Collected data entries
******************************
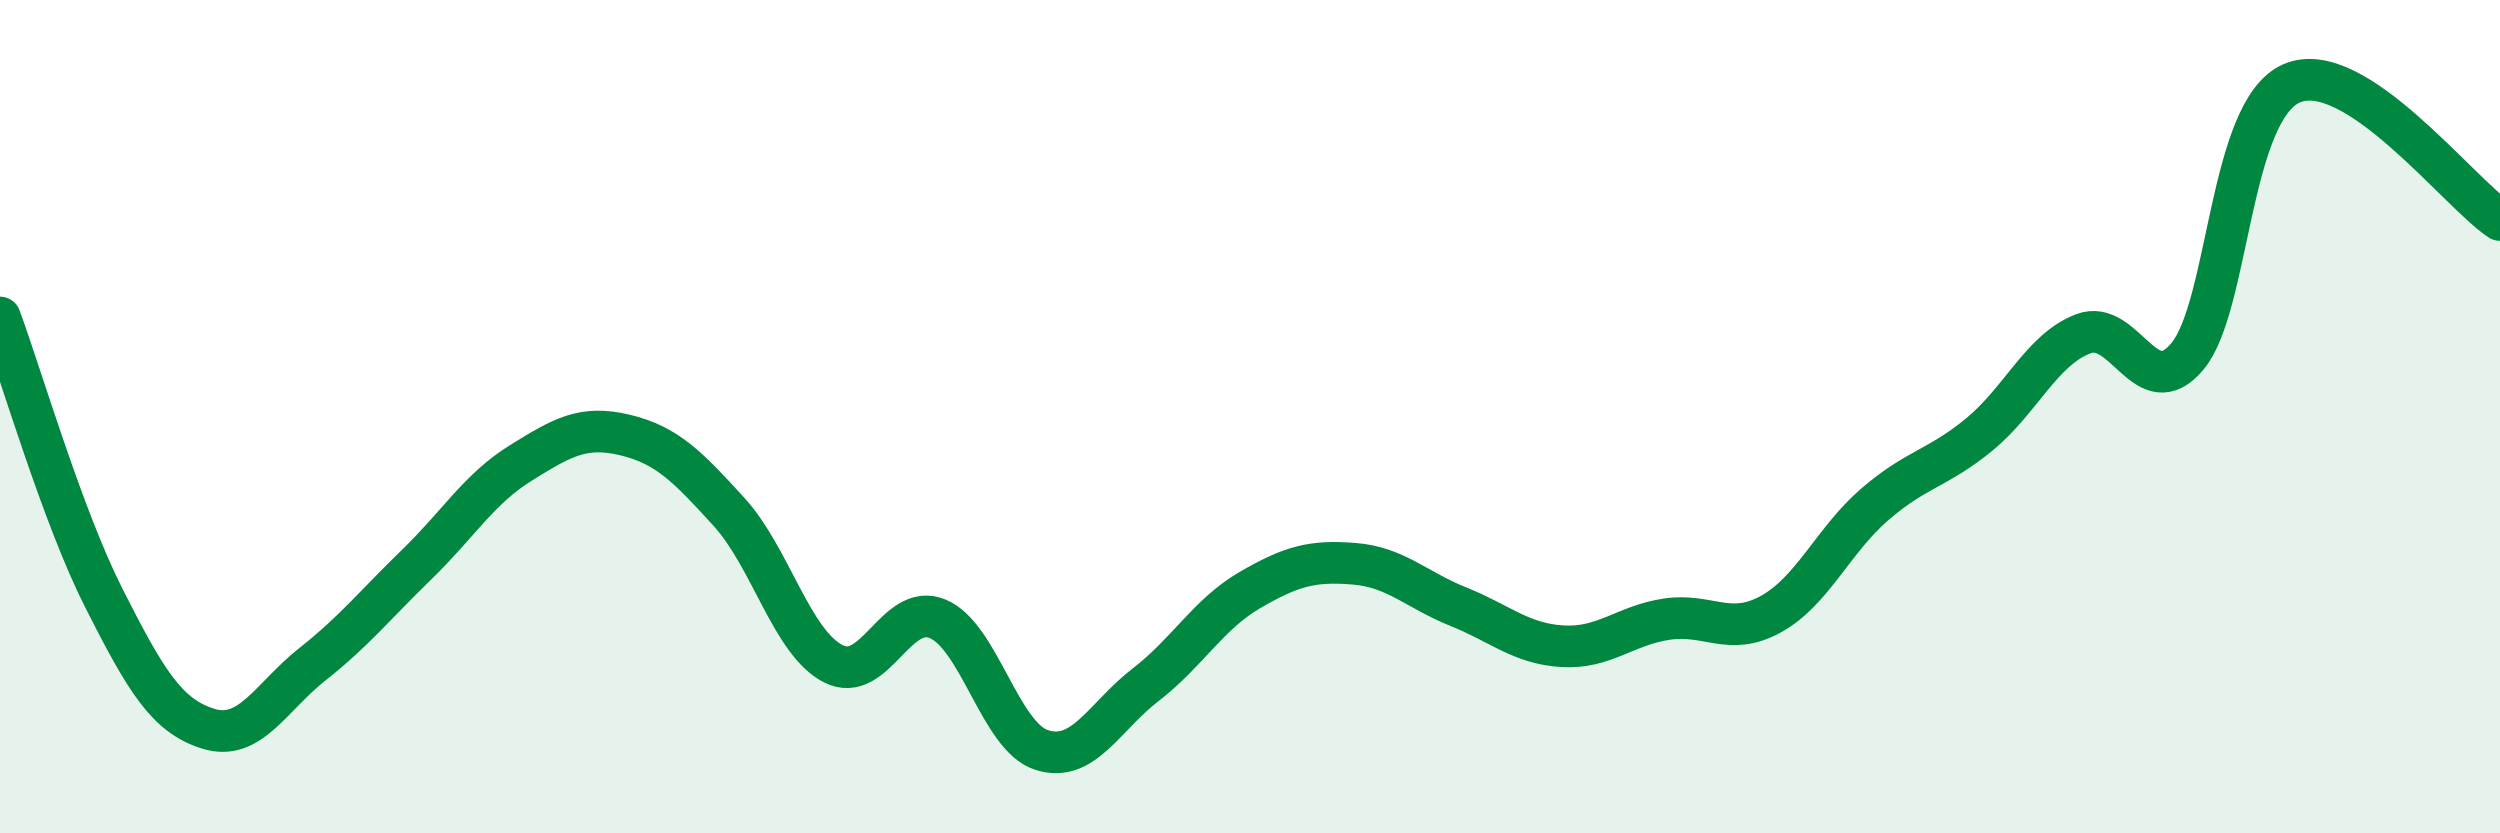 
    <svg width="60" height="20" viewBox="0 0 60 20" xmlns="http://www.w3.org/2000/svg">
      <path
        d="M 0,7.62 C 0.5,8.97 1.5,12.4 2.5,14.37 C 3.5,16.34 4,17.18 5,17.49 C 6,17.8 6.5,16.73 7.5,15.94 C 8.5,15.15 9,14.52 10,13.55 C 11,12.58 11.5,11.73 12.5,11.11 C 13.5,10.49 14,10.2 15,10.44 C 16,10.68 16.5,11.19 17.5,12.29 C 18.5,13.39 19,15.42 20,15.93 C 21,16.44 21.5,14.44 22.5,14.85 C 23.5,15.26 24,17.68 25,18 C 26,18.32 26.5,17.2 27.5,16.43 C 28.5,15.66 29,14.74 30,14.16 C 31,13.58 31.5,13.45 32.5,13.53 C 33.5,13.61 34,14.16 35,14.56 C 36,14.96 36.5,15.45 37.5,15.51 C 38.5,15.57 39,15.01 40,14.86 C 41,14.71 41.5,15.29 42.5,14.74 C 43.5,14.19 44,12.96 45,12.1 C 46,11.24 46.5,11.25 47.5,10.43 C 48.5,9.61 49,8.39 50,8.01 C 51,7.63 51.5,9.75 52.5,8.55 C 53.5,7.35 53.5,2.65 55,2 C 56.5,1.35 59,4.62 60,5.28L60 20L0 20Z"
        fill="#008740"
        opacity="0.1"
        stroke-linecap="round"
        stroke-linejoin="round"
      />
      <path
        d="M 0,7.62 C 0.5,8.97 1.5,12.4 2.5,14.37 C 3.5,16.34 4,17.18 5,17.49 C 6,17.8 6.5,16.73 7.5,15.94 C 8.5,15.15 9,14.52 10,13.55 C 11,12.58 11.5,11.73 12.5,11.11 C 13.5,10.49 14,10.2 15,10.44 C 16,10.68 16.5,11.19 17.5,12.29 C 18.5,13.39 19,15.42 20,15.93 C 21,16.44 21.5,14.44 22.5,14.85 C 23.5,15.26 24,17.68 25,18 C 26,18.32 26.5,17.2 27.5,16.43 C 28.5,15.66 29,14.74 30,14.16 C 31,13.58 31.5,13.45 32.5,13.53 C 33.5,13.61 34,14.16 35,14.56 C 36,14.96 36.5,15.45 37.5,15.51 C 38.5,15.57 39,15.01 40,14.86 C 41,14.71 41.5,15.29 42.5,14.74 C 43.5,14.19 44,12.96 45,12.1 C 46,11.24 46.5,11.25 47.5,10.43 C 48.5,9.61 49,8.39 50,8.01 C 51,7.63 51.5,9.75 52.5,8.55 C 53.5,7.35 53.5,2.65 55,2 C 56.5,1.35 59,4.62 60,5.28"
        stroke="#008740"
        stroke-width="1"
        fill="none"
        stroke-linecap="round"
        stroke-linejoin="round"
      />
    </svg>
******************************
PROBLEM DESCRIPTION:
Every line above in which the word "width" is present must be copied into the answer.

SOLUTION TO THE EXERCISE:
    <svg width="60" height="20" viewBox="0 0 60 20" xmlns="http://www.w3.org/2000/svg">
        stroke-width="1"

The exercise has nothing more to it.